Previous study  reported that initial water contents had a significant effect on soil swelling rates. The initial water contents affected the electrolyte concentrations in soil thus leading to non-ignorable changes in the thickness of shear plane of electric double layer . Therefore, we examined the effects of different initial water contents and NaNO3 concentrations on δs value for all soil layers including red, sandy and detritus soil layers. It was found that the tested samples of collapsing wall exhibited distinct soil swelling behaviors under the same initial water content (Fig 4A). The reason was that physical and chemical indexes directly related to the soil hydrophilicity, such as liquid limit, CEC value and clay content, decreased with increasing soil depth.
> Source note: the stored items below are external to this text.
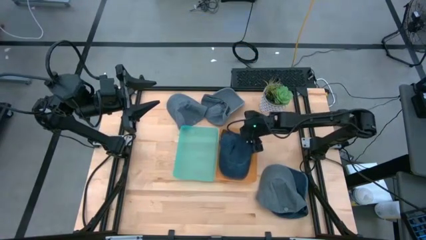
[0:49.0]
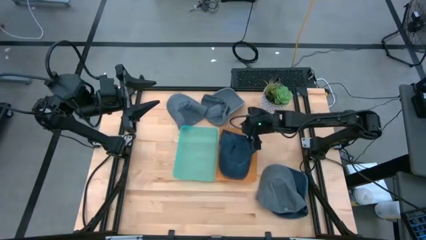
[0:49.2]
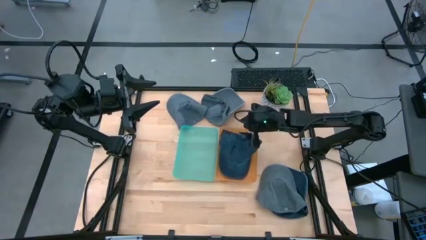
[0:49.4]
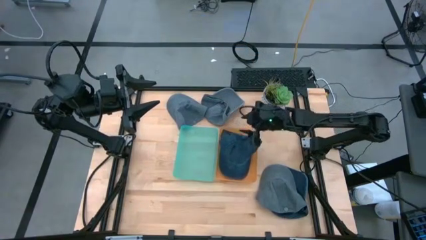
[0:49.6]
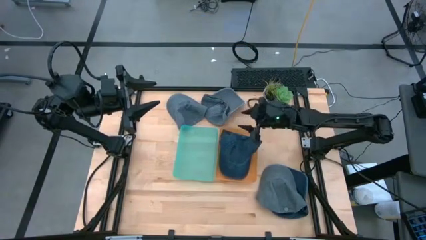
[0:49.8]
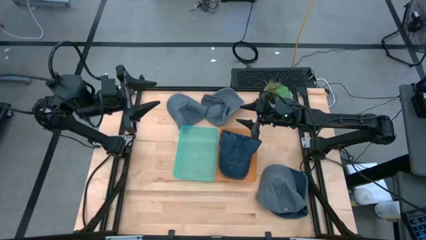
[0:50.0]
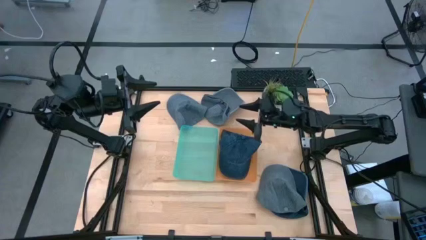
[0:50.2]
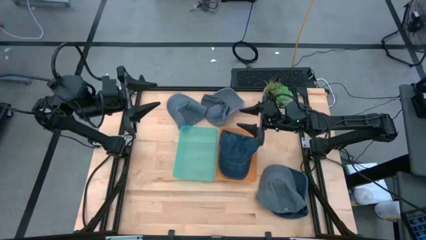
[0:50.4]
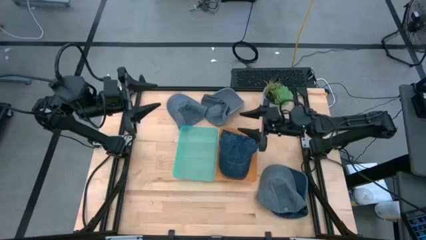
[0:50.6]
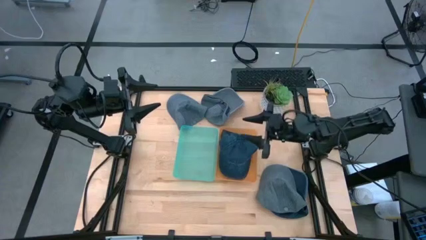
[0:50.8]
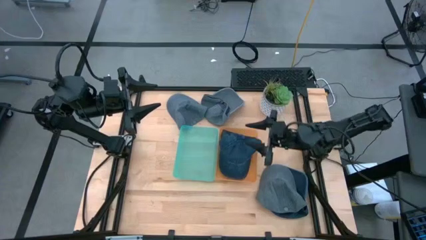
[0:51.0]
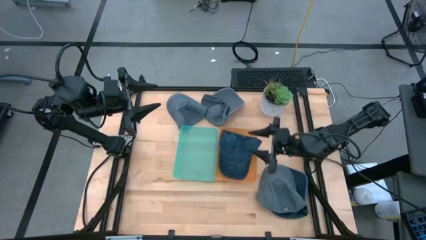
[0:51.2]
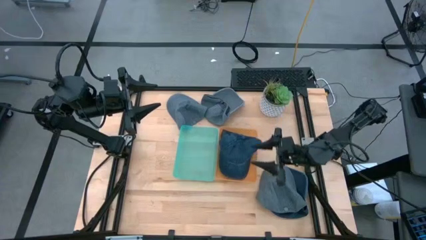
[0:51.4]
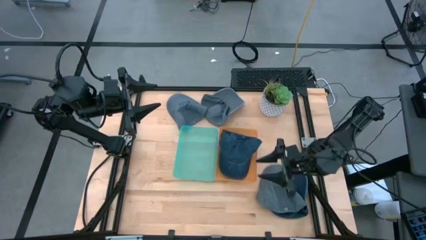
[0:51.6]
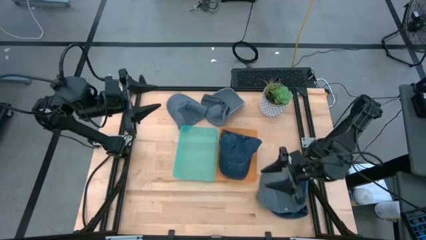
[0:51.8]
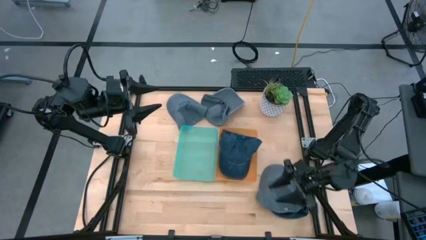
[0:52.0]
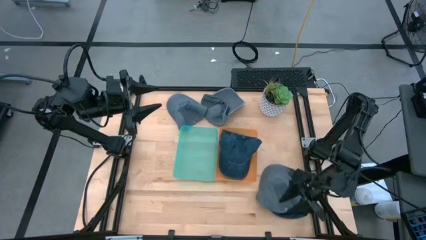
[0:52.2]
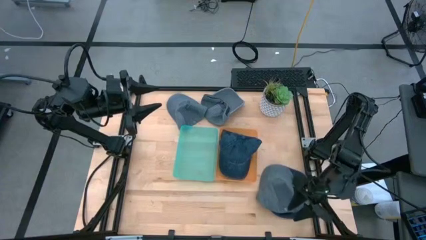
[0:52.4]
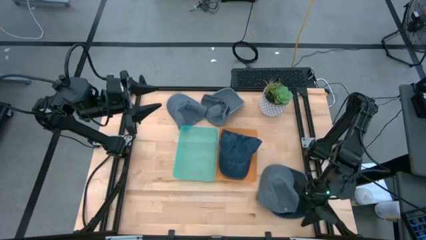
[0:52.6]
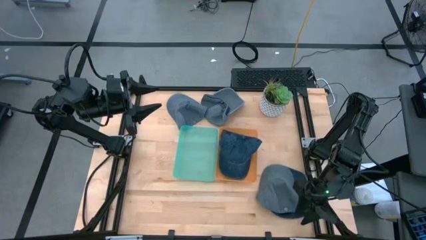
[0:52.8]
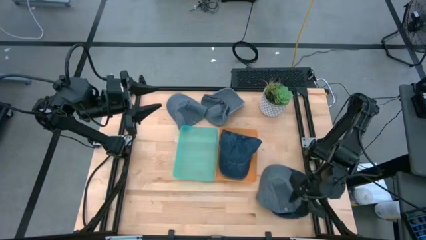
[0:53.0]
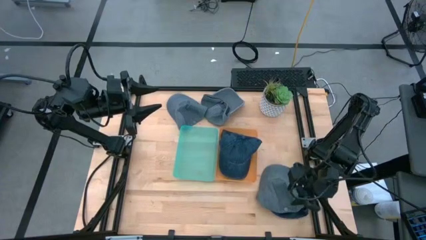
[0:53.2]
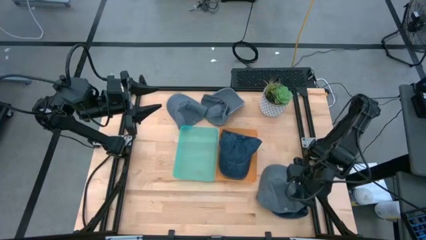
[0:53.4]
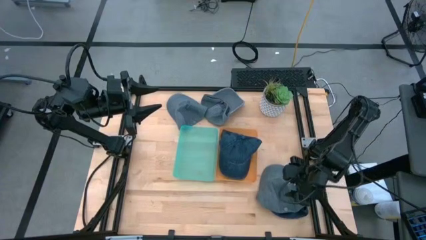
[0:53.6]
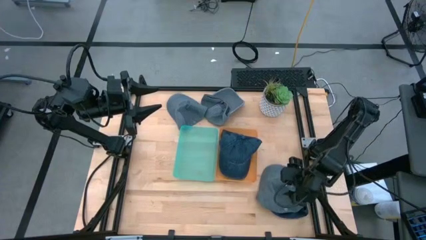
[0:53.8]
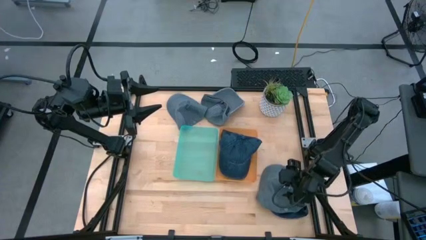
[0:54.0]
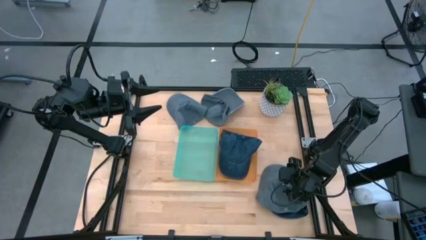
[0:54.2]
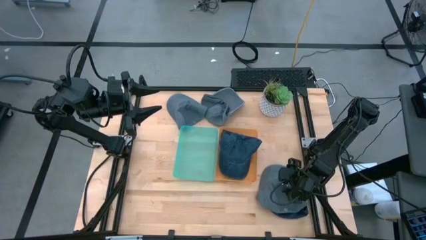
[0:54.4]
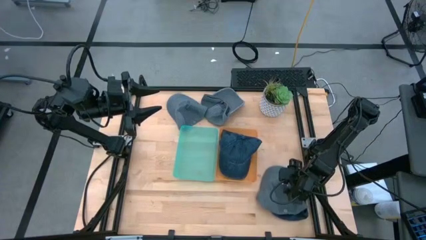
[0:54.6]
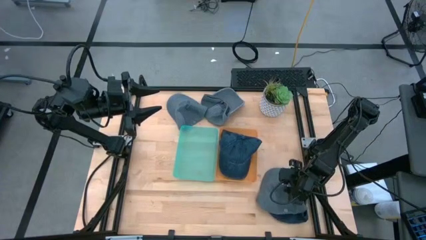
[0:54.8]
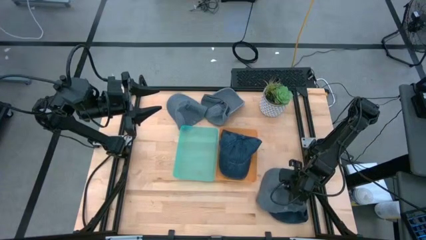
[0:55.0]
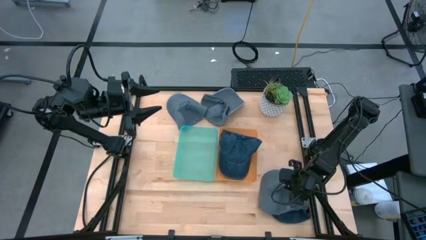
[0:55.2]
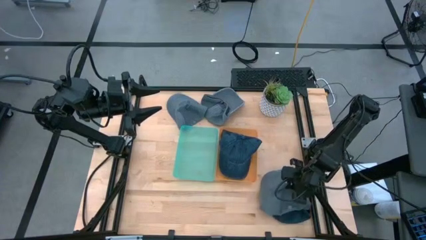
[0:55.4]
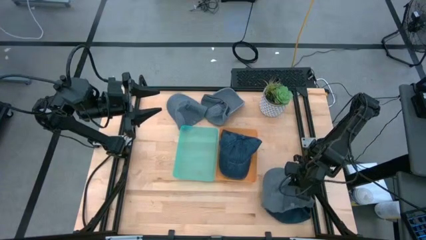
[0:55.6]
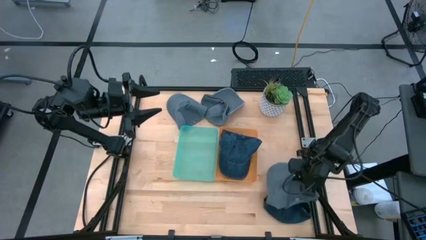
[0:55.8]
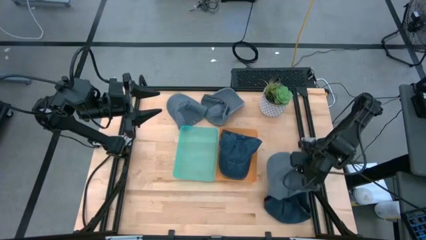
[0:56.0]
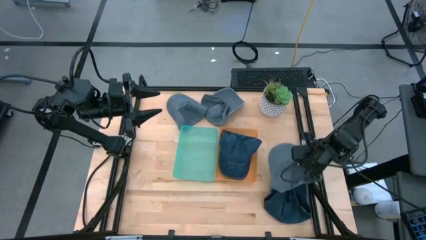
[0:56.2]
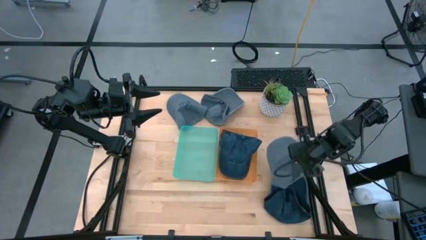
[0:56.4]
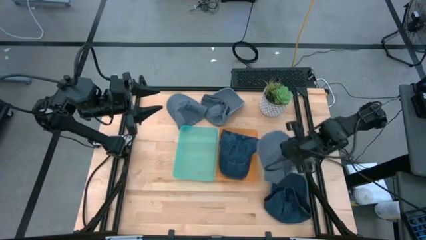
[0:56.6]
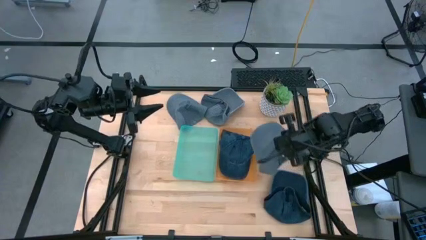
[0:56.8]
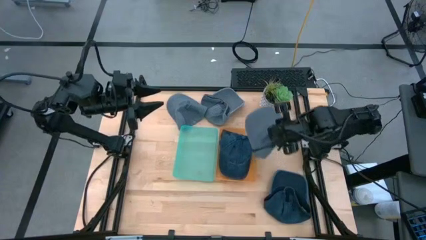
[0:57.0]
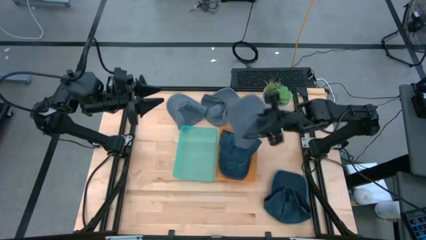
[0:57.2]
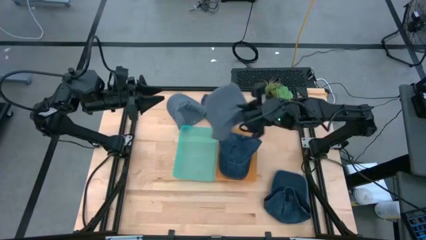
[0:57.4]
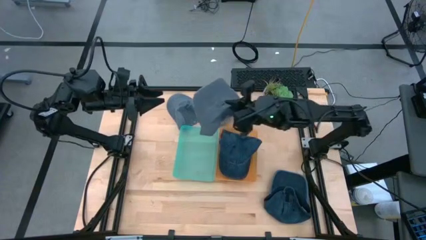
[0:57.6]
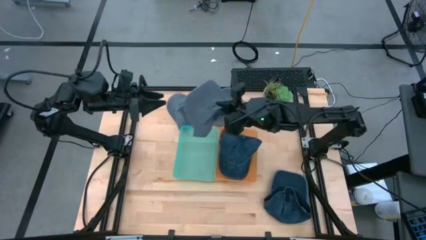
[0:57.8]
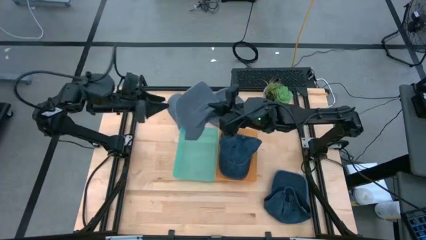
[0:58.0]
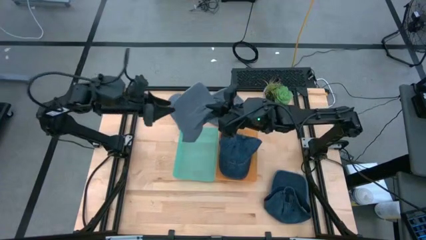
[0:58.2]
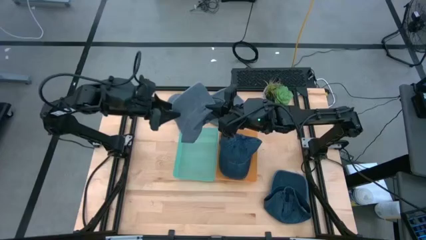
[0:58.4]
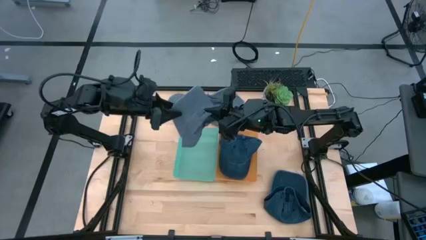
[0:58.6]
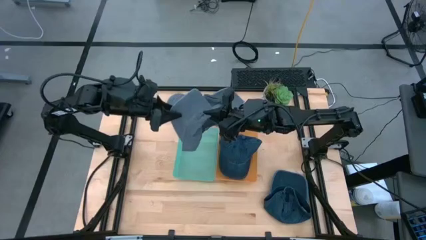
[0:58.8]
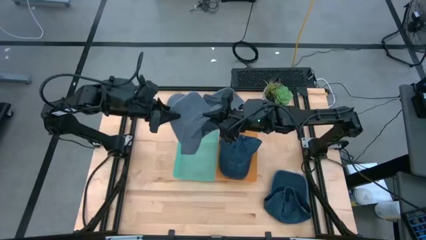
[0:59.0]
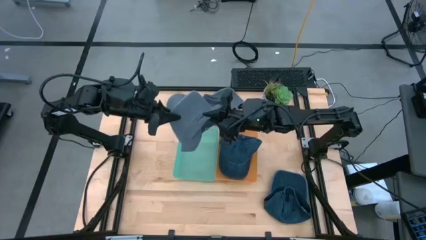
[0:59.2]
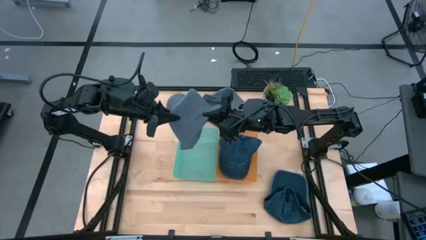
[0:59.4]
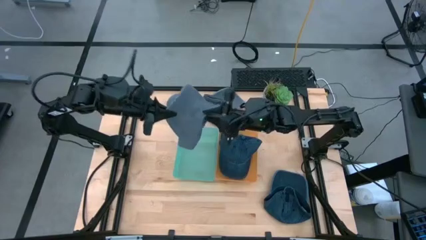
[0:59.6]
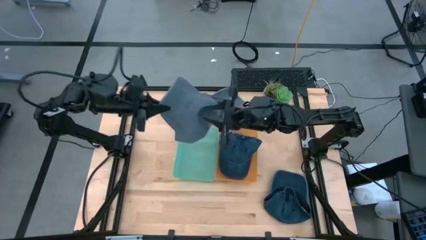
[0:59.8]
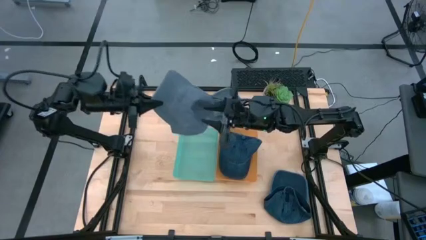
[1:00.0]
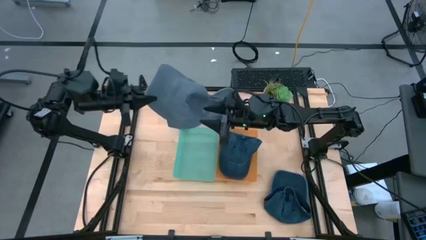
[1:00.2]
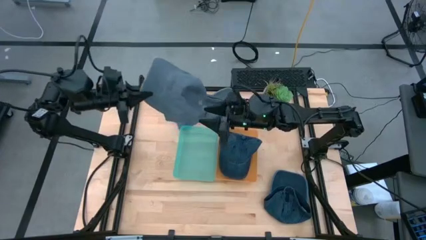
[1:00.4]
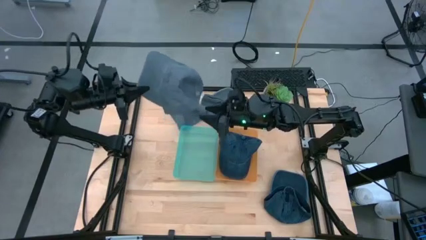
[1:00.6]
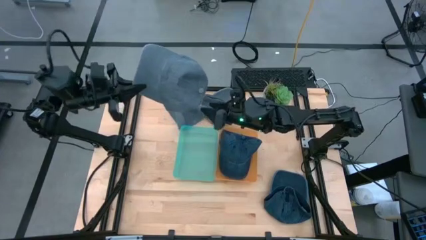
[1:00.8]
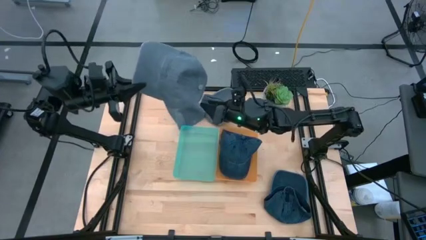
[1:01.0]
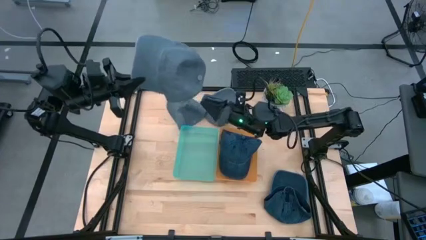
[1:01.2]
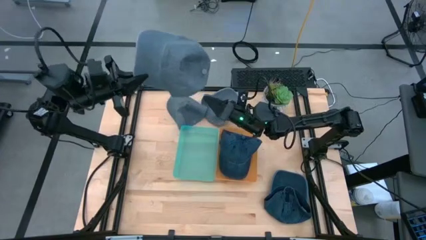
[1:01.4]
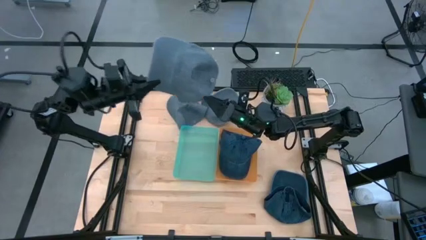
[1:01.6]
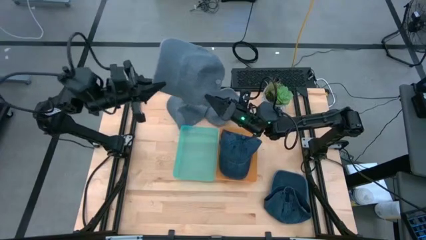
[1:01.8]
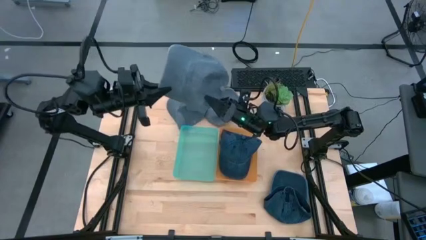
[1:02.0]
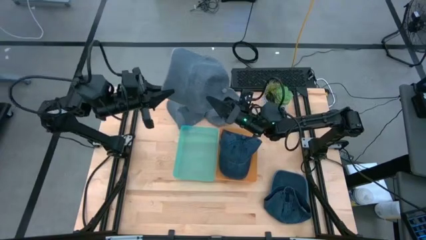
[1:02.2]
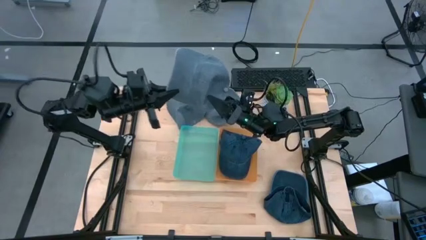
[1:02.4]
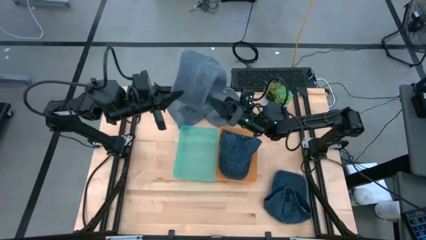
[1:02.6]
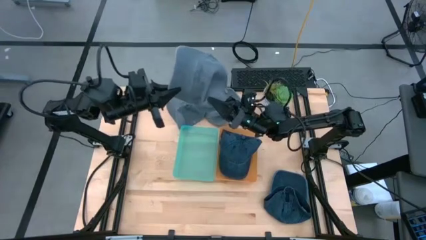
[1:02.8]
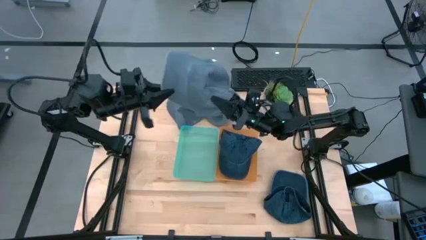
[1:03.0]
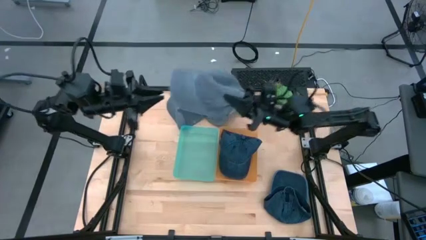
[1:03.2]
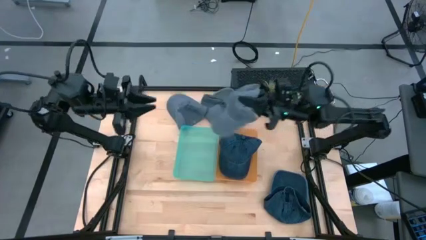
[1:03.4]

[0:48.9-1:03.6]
Task: Pick & Place hat
Put the bottom gray cap into the blue bin

10−2 mol L-1 was a critical concentration point [47, 48] where both the DLVO force and net force acted as functions of electrolyte concentration. When the concentration of NaNO3 varied from 10−4 to 10° mol L-1, the amplitude of variation in the swelling rates did not exceed 3% for all soil layers. The δs value of red soil layer increased with elevated NaNO3 concentration, and the opposite results were observed in sandy and detritus soil layers. Occurrence of these interesting phenomena might be related to the distinct soil nature of different soil layers in collapsing wall. Another important reason was that electrolyte concentration changed internal forces among soil particles and further affected the thickness of shear plane in electric double layer for soil colloid particles .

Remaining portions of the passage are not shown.